[DIRECTIONS]:
An exact transcription of all the entries is needed; pictures stay out.
== DATA SHOWN ==
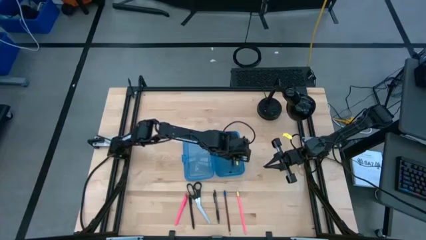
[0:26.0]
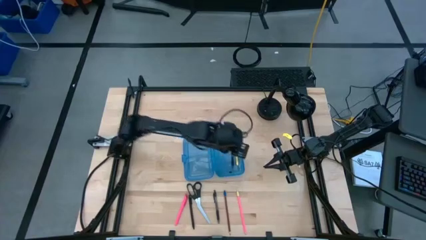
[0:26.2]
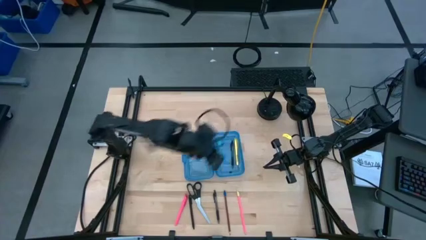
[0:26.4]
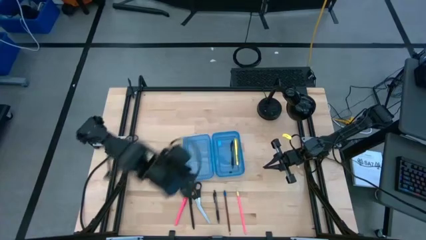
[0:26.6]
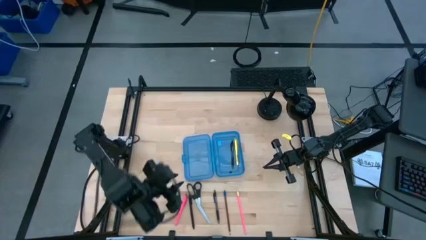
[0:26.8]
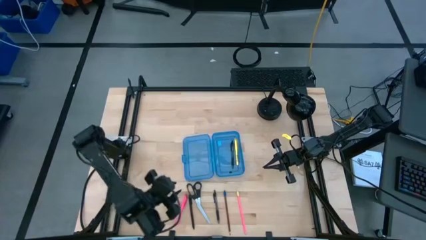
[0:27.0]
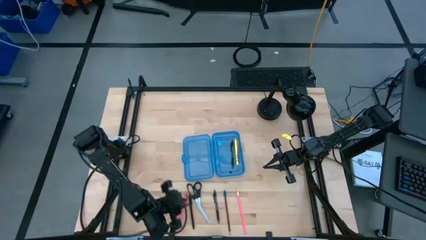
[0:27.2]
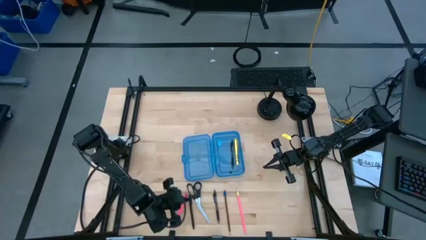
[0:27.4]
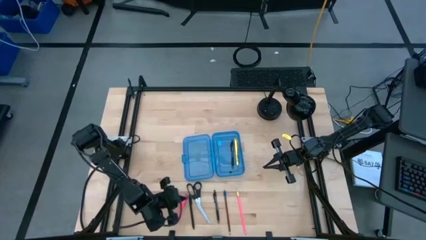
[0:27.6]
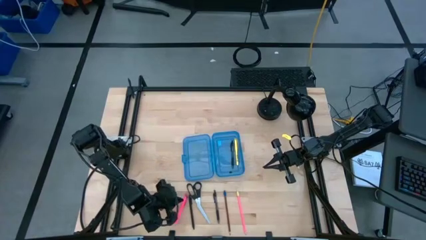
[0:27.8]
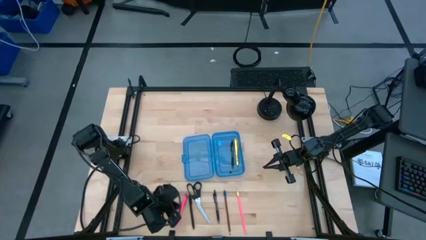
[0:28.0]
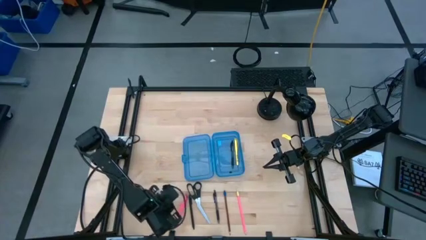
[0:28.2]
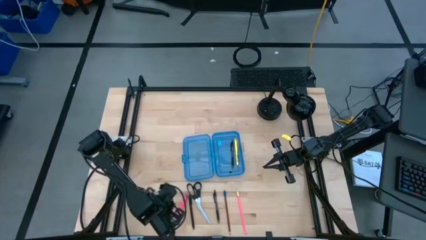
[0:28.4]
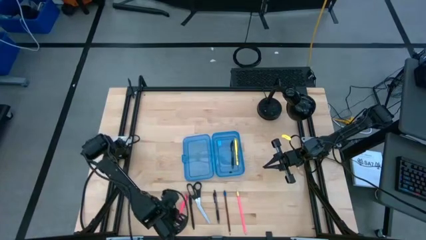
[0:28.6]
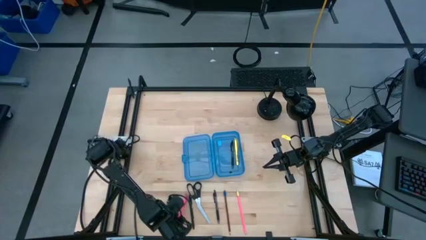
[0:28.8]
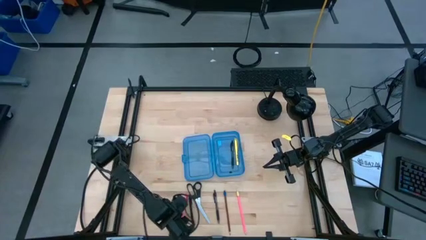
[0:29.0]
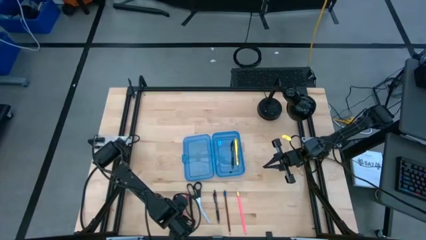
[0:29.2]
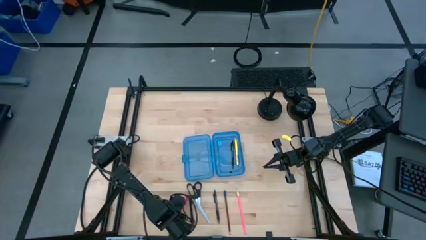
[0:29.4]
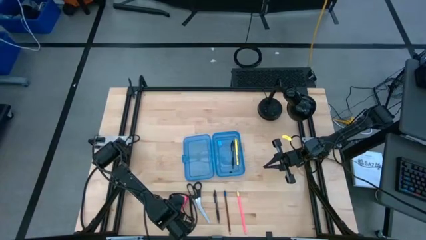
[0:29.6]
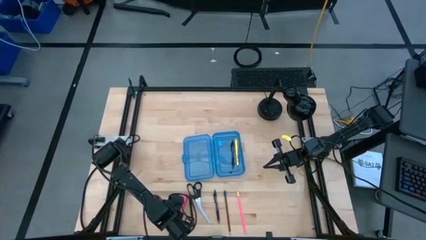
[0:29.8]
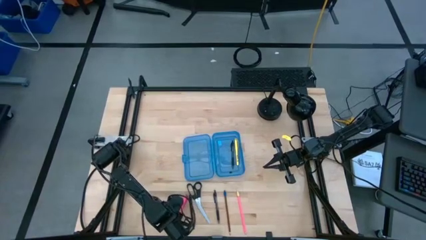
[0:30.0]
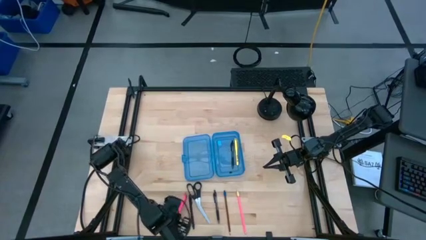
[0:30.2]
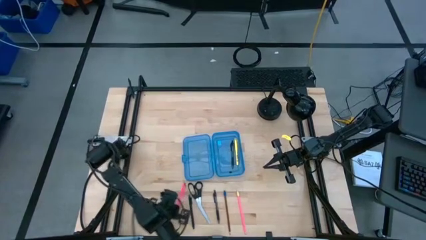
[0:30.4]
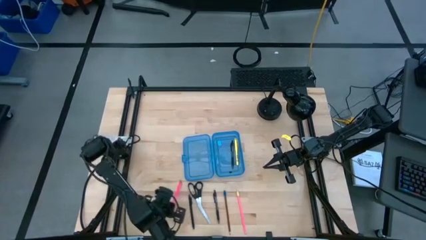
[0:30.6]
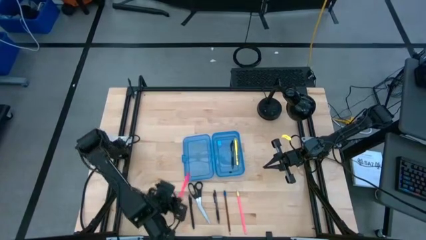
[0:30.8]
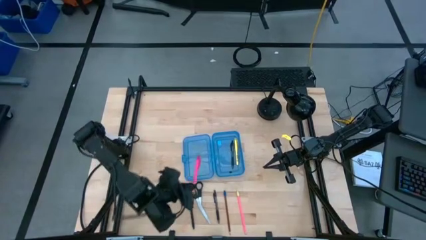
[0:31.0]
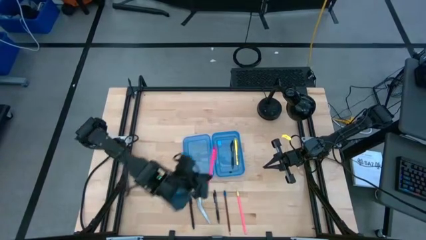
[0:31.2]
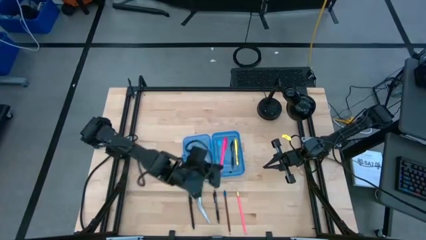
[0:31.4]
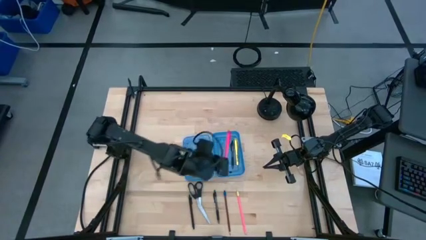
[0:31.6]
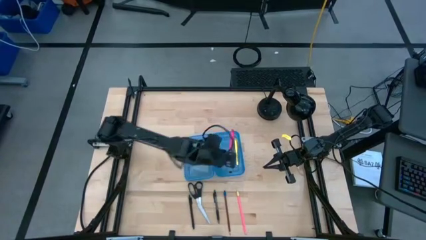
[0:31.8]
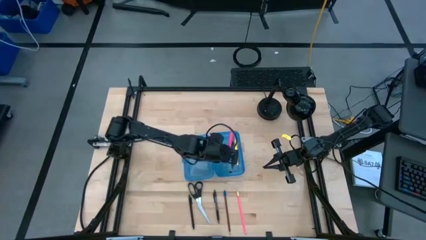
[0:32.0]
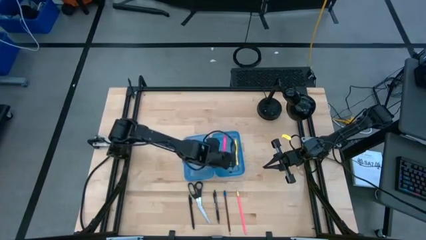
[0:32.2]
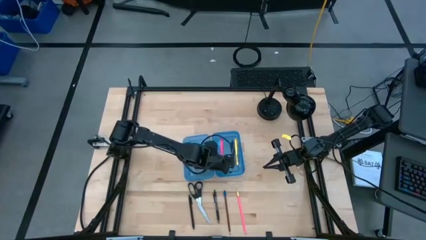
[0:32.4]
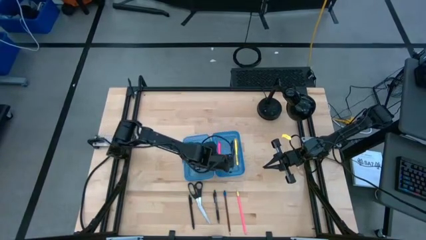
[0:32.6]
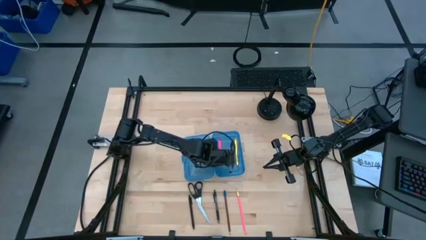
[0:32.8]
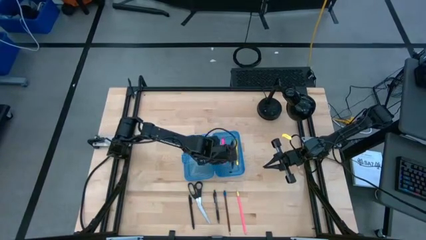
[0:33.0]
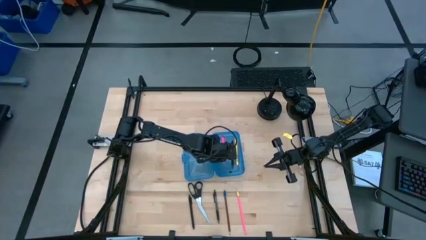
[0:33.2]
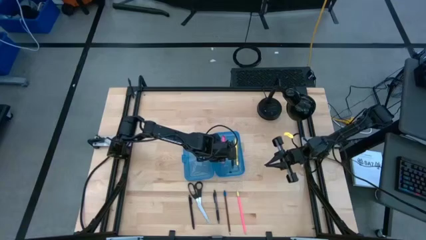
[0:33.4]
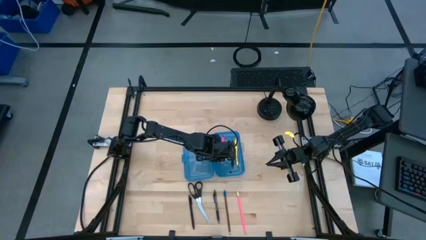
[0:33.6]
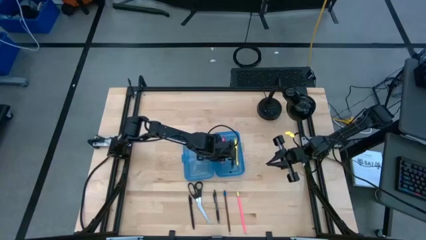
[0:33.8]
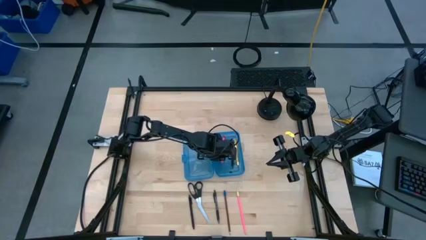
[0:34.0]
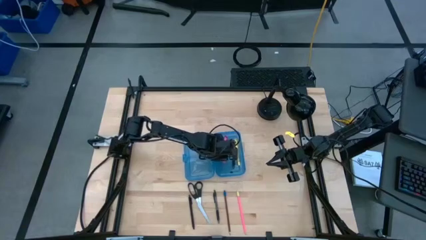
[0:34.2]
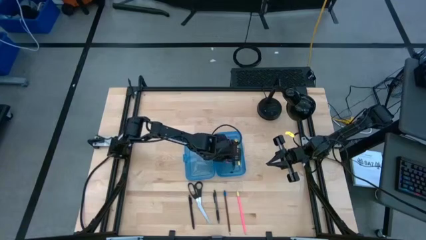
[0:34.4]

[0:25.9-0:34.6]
Task: Pick & place school supplies into a supply box
Put the pink pen into the blue supply box
===
[FINISHED EXERCISE]:
[0:26.0]
[0:26.2]
[0:26.4]
[0:26.6]
[0:26.8]
[0:27.0]
[0:27.2]
[0:27.4]
[0:27.6]
[0:27.8]
[0:28.0]
[0:28.2]
[0:28.4]
[0:28.6]
[0:28.8]
[0:29.0]
[0:29.2]
[0:29.4]
[0:29.6]
[0:29.8]
[0:30.0]
[0:30.2]
[0:30.4]
[0:30.6]
[0:30.8]
[0:31.0]
[0:31.2]
[0:31.4]
[0:31.6]
[0:31.8]
[0:32.0]
[0:32.2]
[0:32.4]
[0:32.6]
[0:32.8]
[0:33.0]
[0:33.2]
[0:33.4]
[0:33.6]
[0:33.8]
[0:34.0]
[0:34.2]
[0:34.4]

[0:25.9-0:34.6]
Task: Pick & place school supplies into a supply box
Put the pink pen into the blue supply box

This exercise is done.